Bref, Eminem est un psychopathe en puissance, qui employe les mots pour ne pas avoir à passer à l'acte (même si par ailleurs il est passé à l'acte en matière d'alcool, drogue, auto-destruction sur place publique...); il viole sa mère sur une chanson pour la punir de son enfance de merde, l'enterre vivante sur une autre, se venge des gamins qui le brutalisaient à l'école en leur mettant des têtes de chat mort dans la boîte aux lettres, envoie royalement chier tout le public d'ados qui l'idolâtre pour ses chansons "pop" alors que son message va beaucoup plus loin... et en même temps, mêle sa fille, qu'on sent qu'il aime profondément, à ses délires psychotiques... il lui dédie des chansons, la met en scène, lui parle à la première personne... Il n'empêche! Prenez le morceau "I'm Back", par exemple... Un déversement de fiel et de bile contre ses détracteus dans le show business, humour noir pipi caca, on aime ou on n'aime pas... mais soudain, à la minute 3:35, un couplet, un tir de mitraillette, et peu importe le contenu, un chef d'oeuvre d'écriture et de débit:

"so I just, throw up a middle finger and let it linger
longer than the rumour that I was sticking it to Christina
Cause if I ever stuck it to any singer in showbiz
It'd be Jennifer Lopez, and Puffy you know this!
I'm sorry Puff, but I don't give a fuck if this chick was my own mother
I still fuck her with no rubber and cum inside her
and have a son and a new brother at the same time
and just say that it ain't mine, what's my name?"

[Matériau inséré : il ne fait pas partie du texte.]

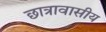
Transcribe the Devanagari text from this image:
छात्रावासीय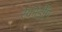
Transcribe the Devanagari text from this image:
रेकौर्डींग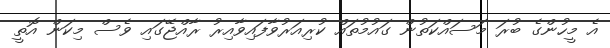
އެ މީހުންގެ ބުރަ މަސައްކަތުން ގައުމުތައް ކުރިއަރުވާފައިވާއިރު ރާއްޖޭގައި ވެސް މިކަން އޮތީ

Fantasme, perversion sexuelle, Oedipe non réglé, désir de choquer? je sais pas et je m'en fous! je sais juste que la formulation est parfaite, que le rythme sur lequel il débite cette phrase est à trouer le cul des plus sceptiques, et franchement, à ce stade, ça s'appelle un orgasme musical!

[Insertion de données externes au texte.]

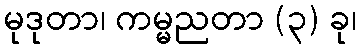
မုဒုတာ၊ ကမ္မညတာ (၃) ခု၊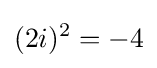
(2i)^{2}=-4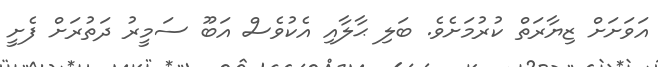
އަވަށަށް ޒިޔާރަތް ކުރުމަށެވެ. ބަލި ޙާލާއި އެކުވެސް އަބޫ ސަމީރު ދަތުރަށް ފެށީ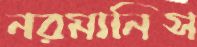
নরমানিস

(article à venir sur "The Marshall Mathers LP", l'album le plus atypique de ma vie, à plus d'un titre...)

Monday, December 08, 2008

I AM HIP HOP! (en alexandrins)


Je suis pti' fils d'esclaves et je chante ma peine;
je suis chant de douleur devenu cri de haine;
je suis l'espoir qui naît d'un torrent d'amertume;
je suis une rose éclose au milieu du bitume;
je suis fils de la soul, du funk, du rock, du jazz;
je suis universel, j'ai des millions de blazes;
je suis né dans le Bronx, j'ai grandi dans son flanc,
puis j'ai pris manhattan, traversé l'océan,
j'ai muté, voyagé et envahit le monde,
pas un gosse qui m'ignore tant ma sève est féconde,
je transporte le rêve partout dans mes bagages
et je change de peau à chaque nouveau rivage;
je suis plus qu'une parole, suis un mode de vie,
culture à part entière, une vraie philosophie
j'tague partout mon nom dans les rues de vos villes
et j'invente des mots pour décrire tous mes maux;
je vis avec eux tous la plus belle des idylles
puis m'impose, surnois, au fond de vos cerveaux!
j'apaise ma colère en volant de mes pieds
que ce soit en freestyle ou figure imposée
mon deejay aux platines recycle le temps,
par le sample il ravive les refrains d'antan;
je suis festif ou grave, c'est selon le moment,
le style ou le MC qui déverse son torrent;
je suis fier d'être né pour reprendre le flambeau
j'ai 30 ans, j'suis le hip hop, suis encore nouveau,
mais suis là pour rester alors gare à mon flow!

Le Hip Hop a été reconnu pratique culturelle la plus répandue sur la planète par l'UNESCO en 2006. c'est un phénomène culturel à part entière regroupant des gens de tous ages, origines et horizons, avec un même amour pour les codes, les références, les mots... il y a plusieurs variantes et styles au sein même des différentes disciplines qui composent cette culture (le rap, le tag, le deejaying, le beat box et la danse), et ils rassemblent des millions de personnes dans le monde sous une même banière. je suis pour un message de tolérance et de paix dans le hip hop, car c'est un héritage culturel qui doit être transmis sous sa meilleure forme possible. I LOVE HIP HOP. I AM HIP HOP. LONG LIVE HIP HOP!